▶ RECORDS FOR THE TASK
▬▬▬▬▬▬

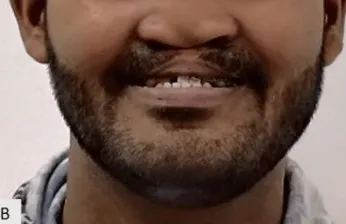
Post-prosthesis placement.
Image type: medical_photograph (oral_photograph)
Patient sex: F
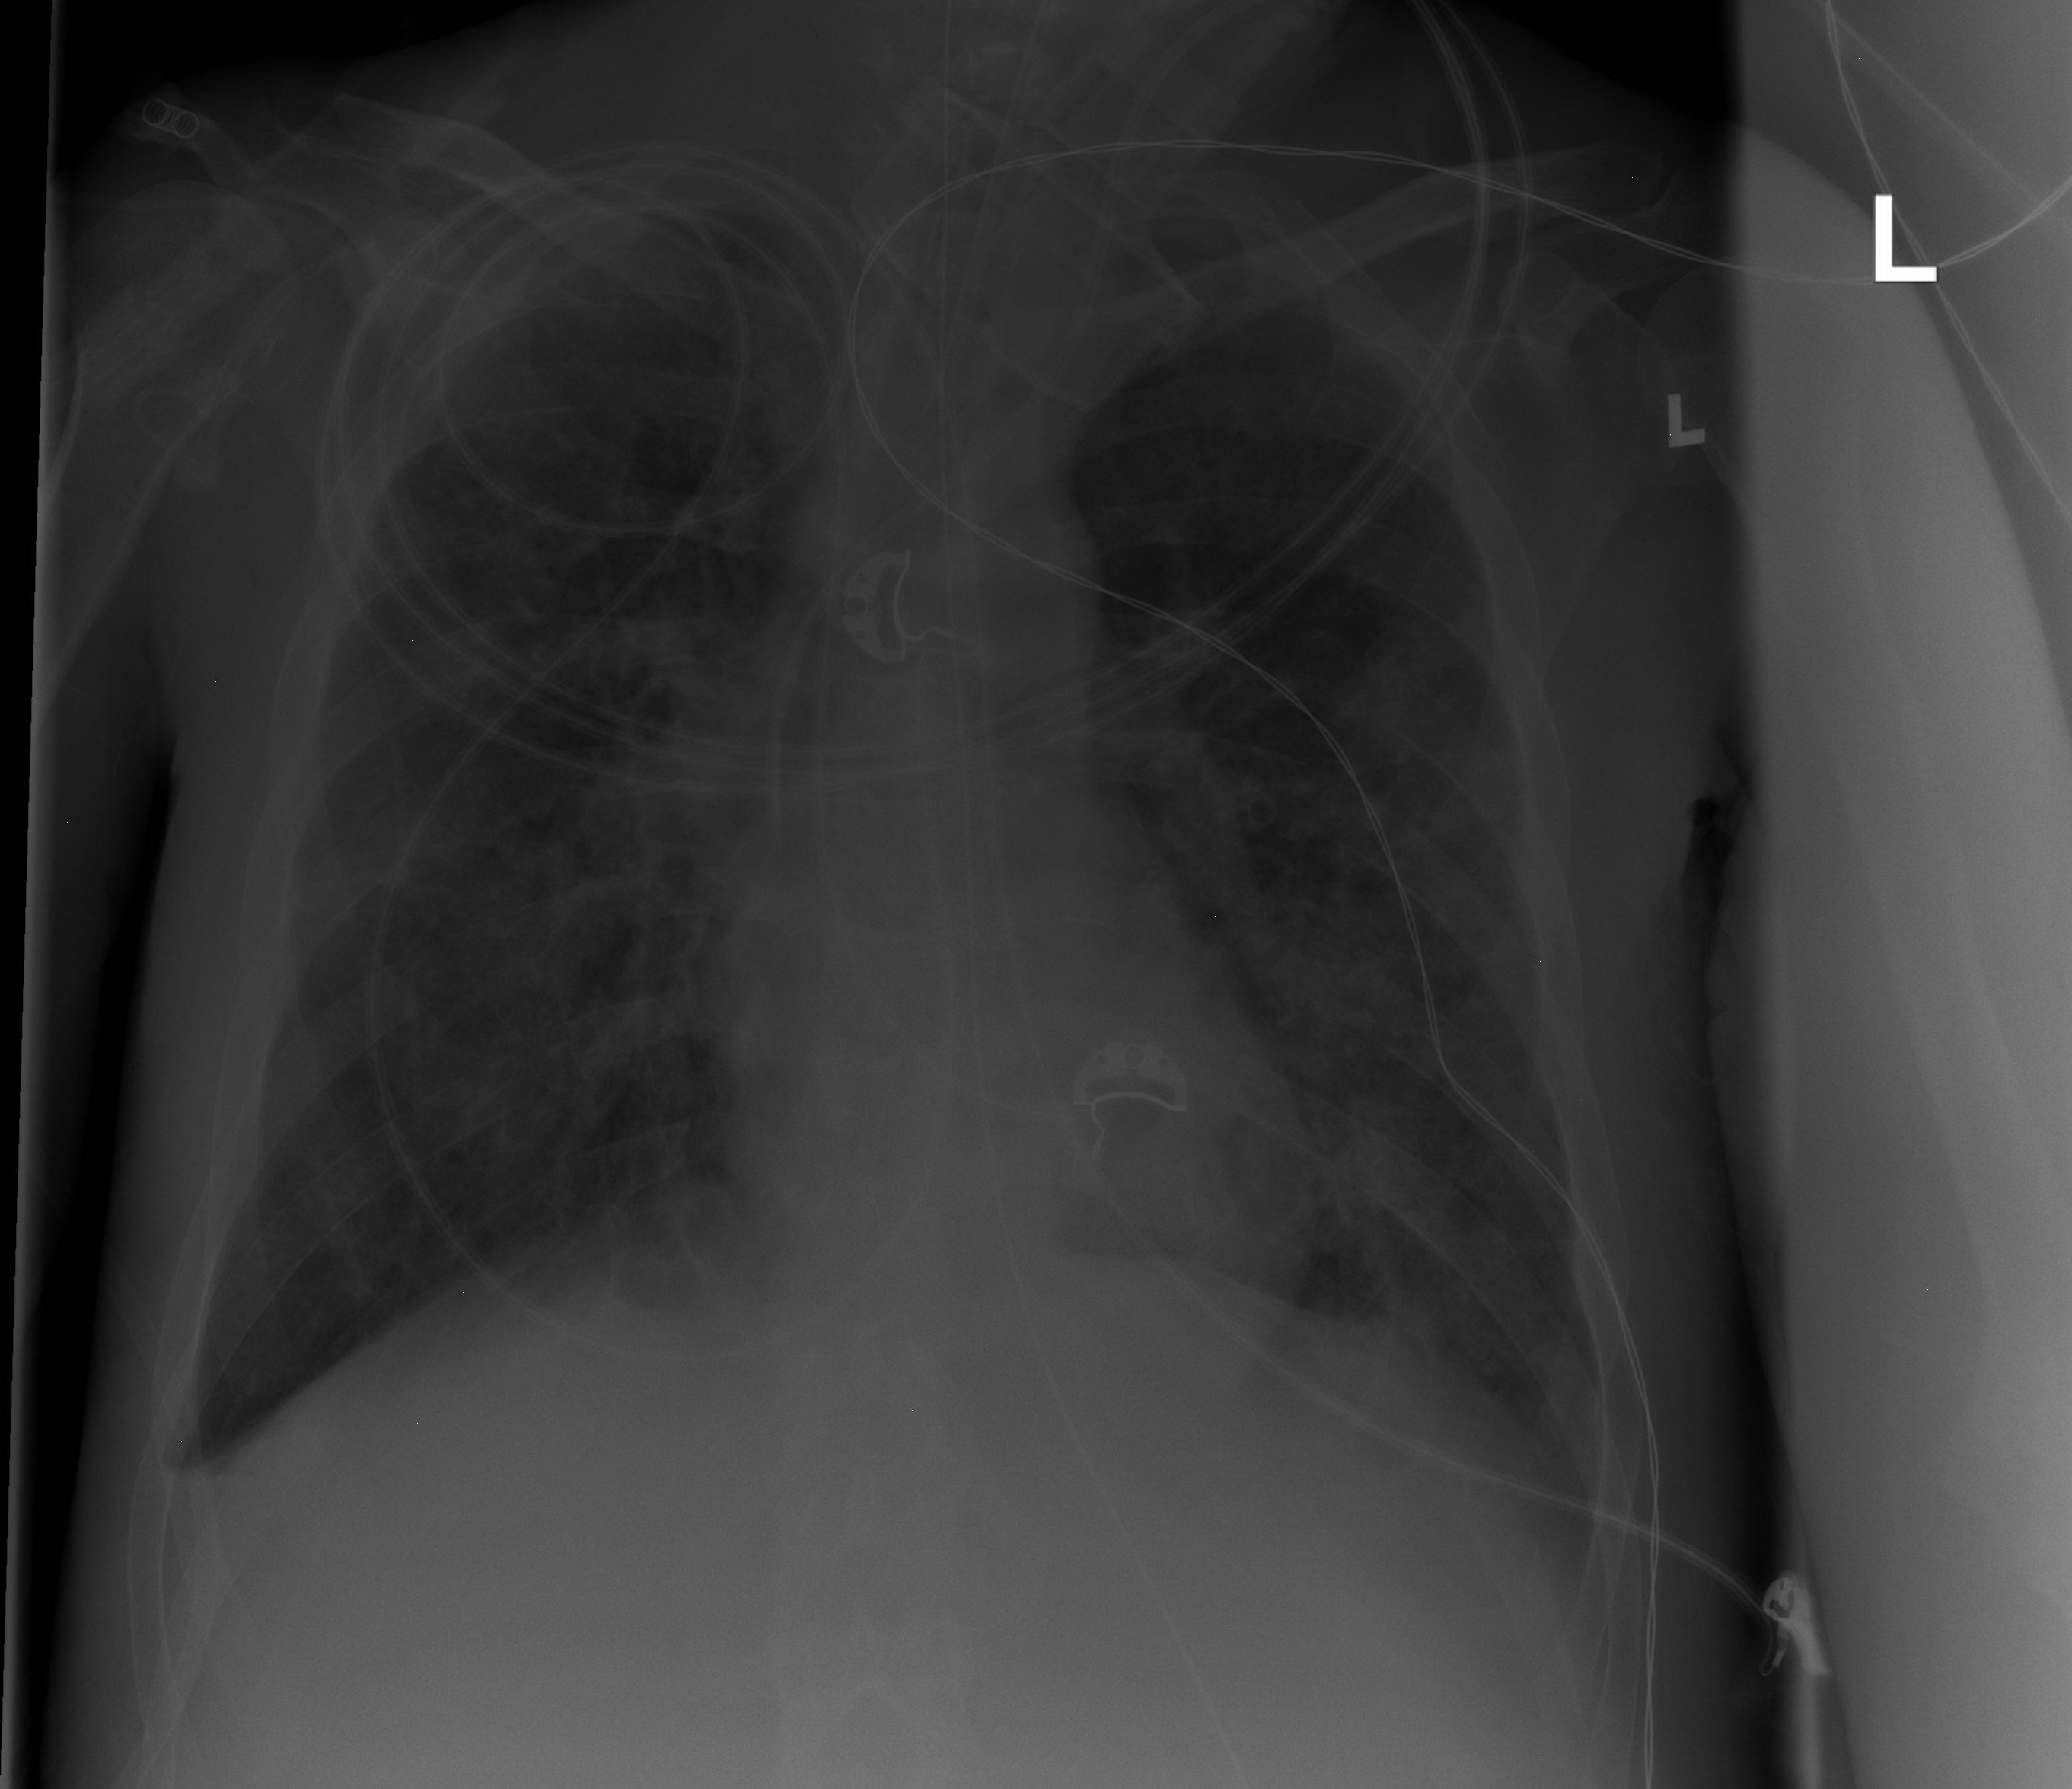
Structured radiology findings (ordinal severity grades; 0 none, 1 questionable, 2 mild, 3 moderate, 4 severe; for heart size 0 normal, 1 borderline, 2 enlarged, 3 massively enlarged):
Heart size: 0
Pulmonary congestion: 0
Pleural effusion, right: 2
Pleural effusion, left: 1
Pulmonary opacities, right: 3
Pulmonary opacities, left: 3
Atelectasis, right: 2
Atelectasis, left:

▬▬▬▬▬▬

▶ ASSIGNMENT
Starting with the line that holds "Pulmonary opacities, right: 3", copy every line through the end of the data above. Reproduce them exactly, with no other material.

▶ SOLVED PROBLEM
Pulmonary opacities, right: 3
Pulmonary opacities, left: 3
Atelectasis, right: 2
Atelectasis, left:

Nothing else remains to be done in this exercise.